I mean in the amount of energy it has and in its size. That which is observable is apparently only a sub-universe. It seems to be limited only by physical laws, but even those laws could be different in other sub-universes.
I don't know about any differences. Particle physicists don't have much of an opinion on gravity and on uniting gravity with the other forces.
A proton and neutron can still have three quarks each with some of them being matter quarks and others being antimatter quarks. The strong and weak forces can be manifestations of gravity and electromagnetism at short scales, and electromagnetism could be a manifestation of gravity and anti-gravity, but particle physicists generally do not concern themselves with such ideas.
I can't make the "antimatter has antigravity" idea work easily. The motivation is that when you collide a massive hadron with its anti-twin you can get nothing but photons and vice-versa. Each half produces the same thing.
Morrison's argument is appealing. I mean why should gravity attract something that is 1/2 matter and 1/2 antimatter if it is supposed to have zero relativistic mass here? I guess the acceleration-deceleration energy required to reattain zero relativistic mass (or at least zero kinetic energy) at a further distance is the thermo 2nd-law problem with the conservation violation alleged by Morrison.

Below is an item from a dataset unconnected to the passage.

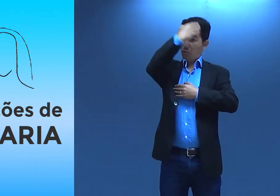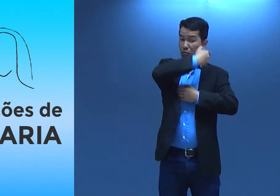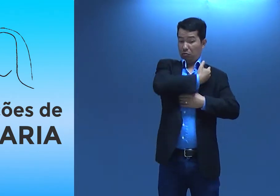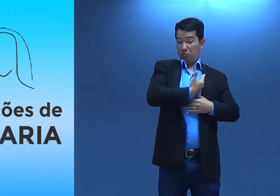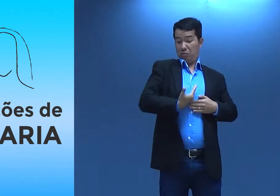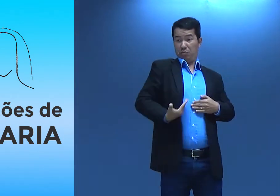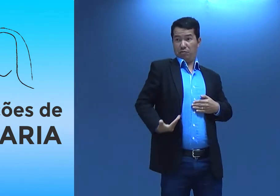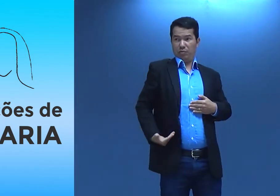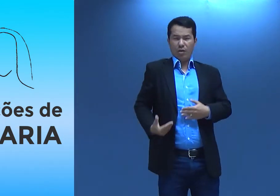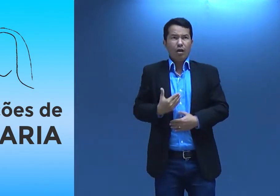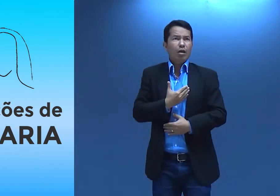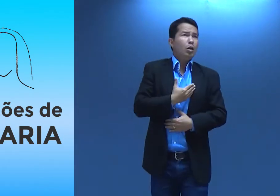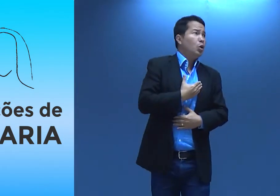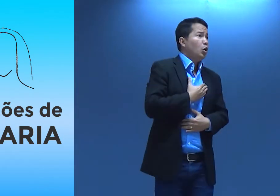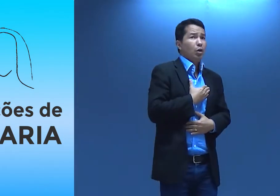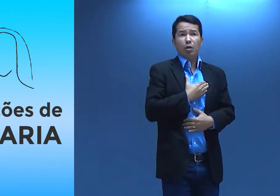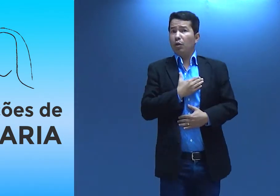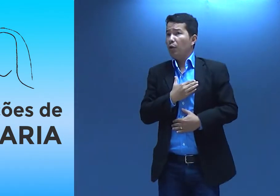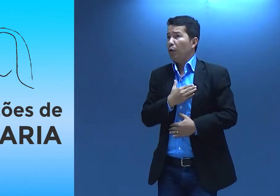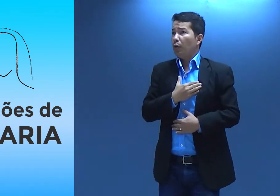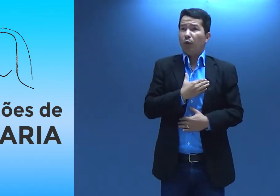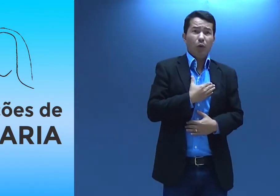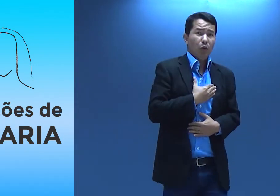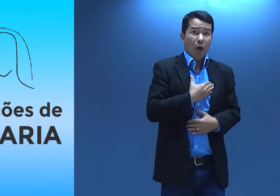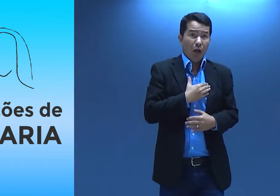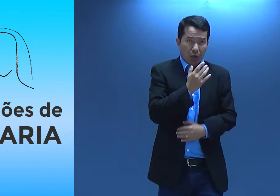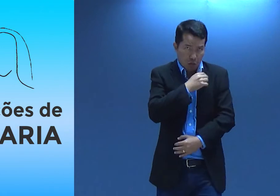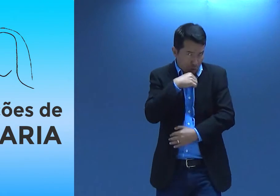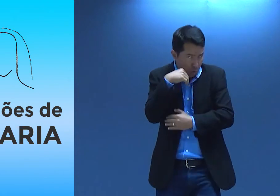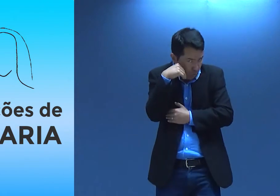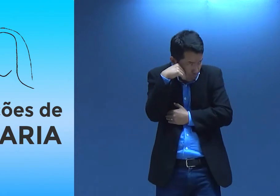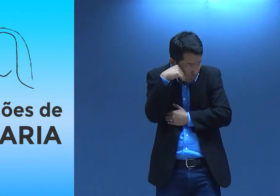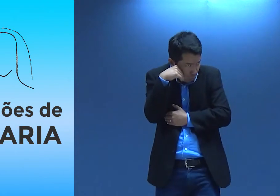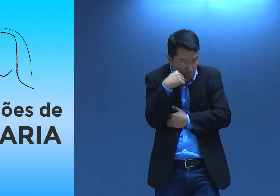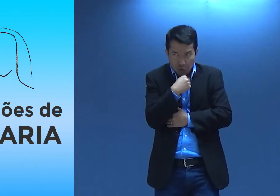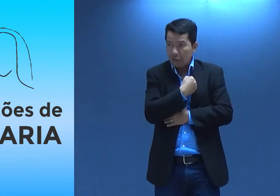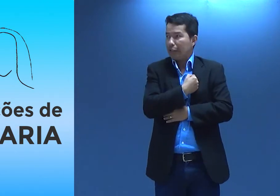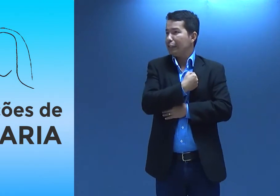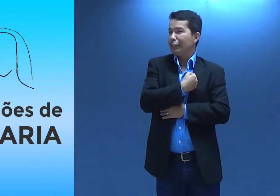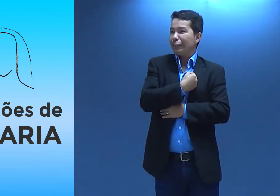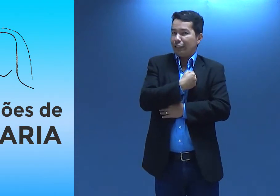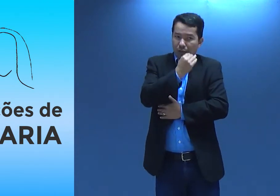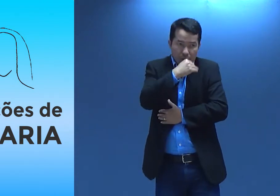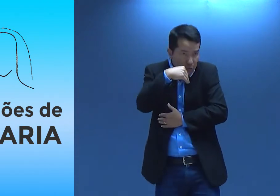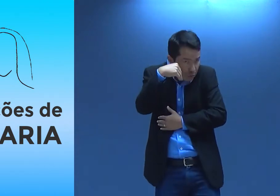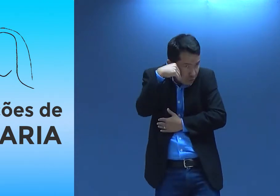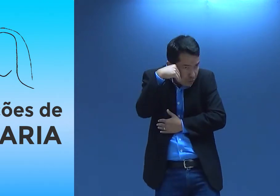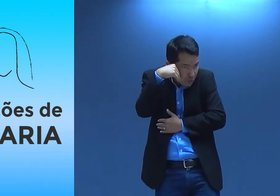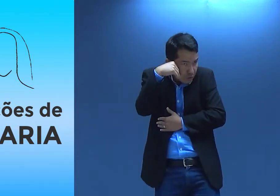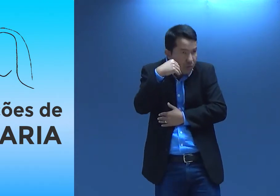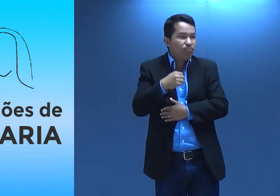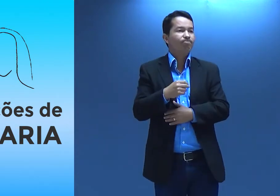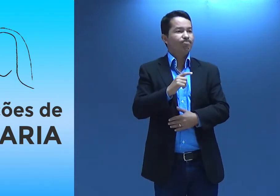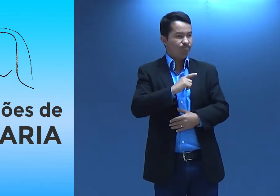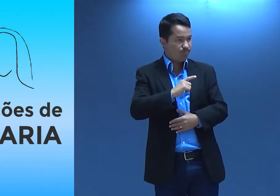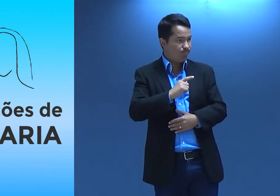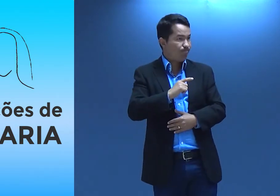cabeça, né? Que vinha aqui pelo peito da pessoa e daí se ela ficava com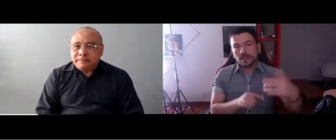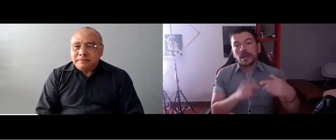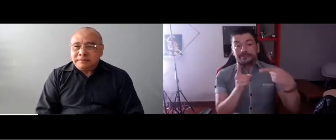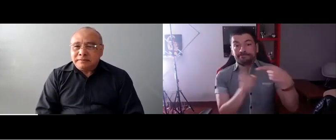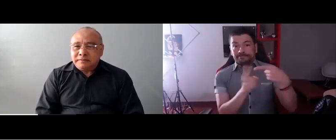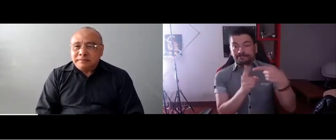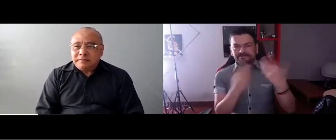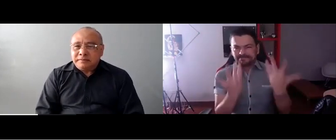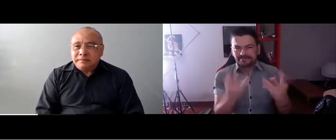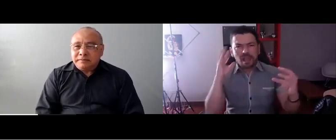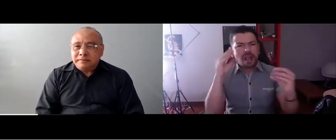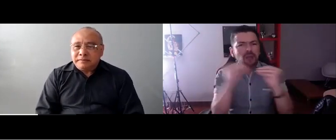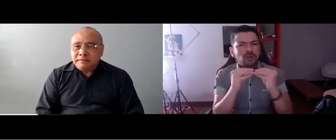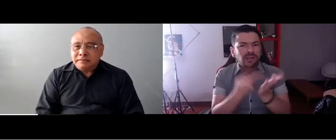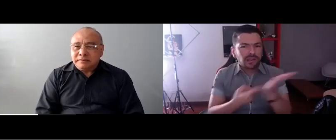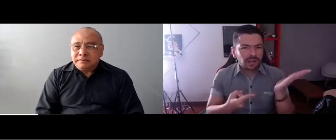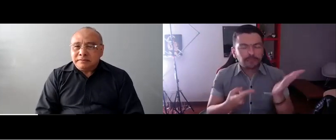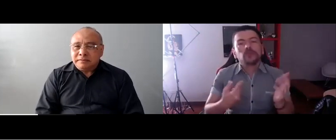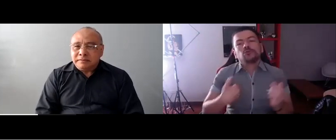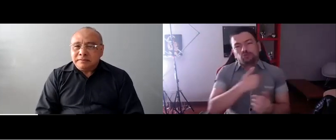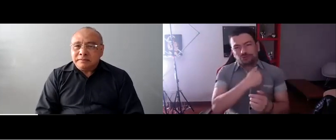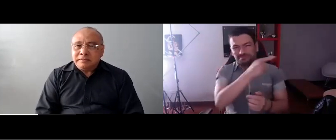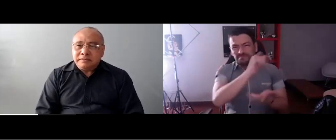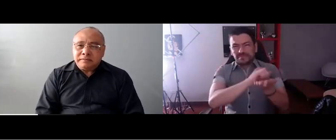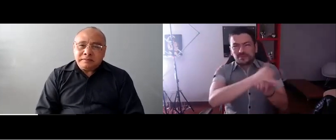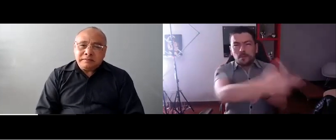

All the mesons and bosons are 1/2 matter and 1/2 antimatter, I think, but they can have zero (massless bosons) or non-zero rest mass (mesons, composite bosons).
I've often suggested that orbiting photons should have a rest mass, and that's what seems to complicate things for me when trying to rule out antimatter antigravity.
Photons are bosons (force carriers), of course. Light evidently doesn't distinguish between matter and antimatter. The photon is supposedly its own antiparticle, which fits in with it being 50/50 matter-antimatter. The hadrons are mostly quarks though (3 of them), and they're either all matter or all antimatter. I want to look at each quark as 1/2 matter and antimatter, to build them out of bosons that gyrate such that the matter part is either exposed or covered.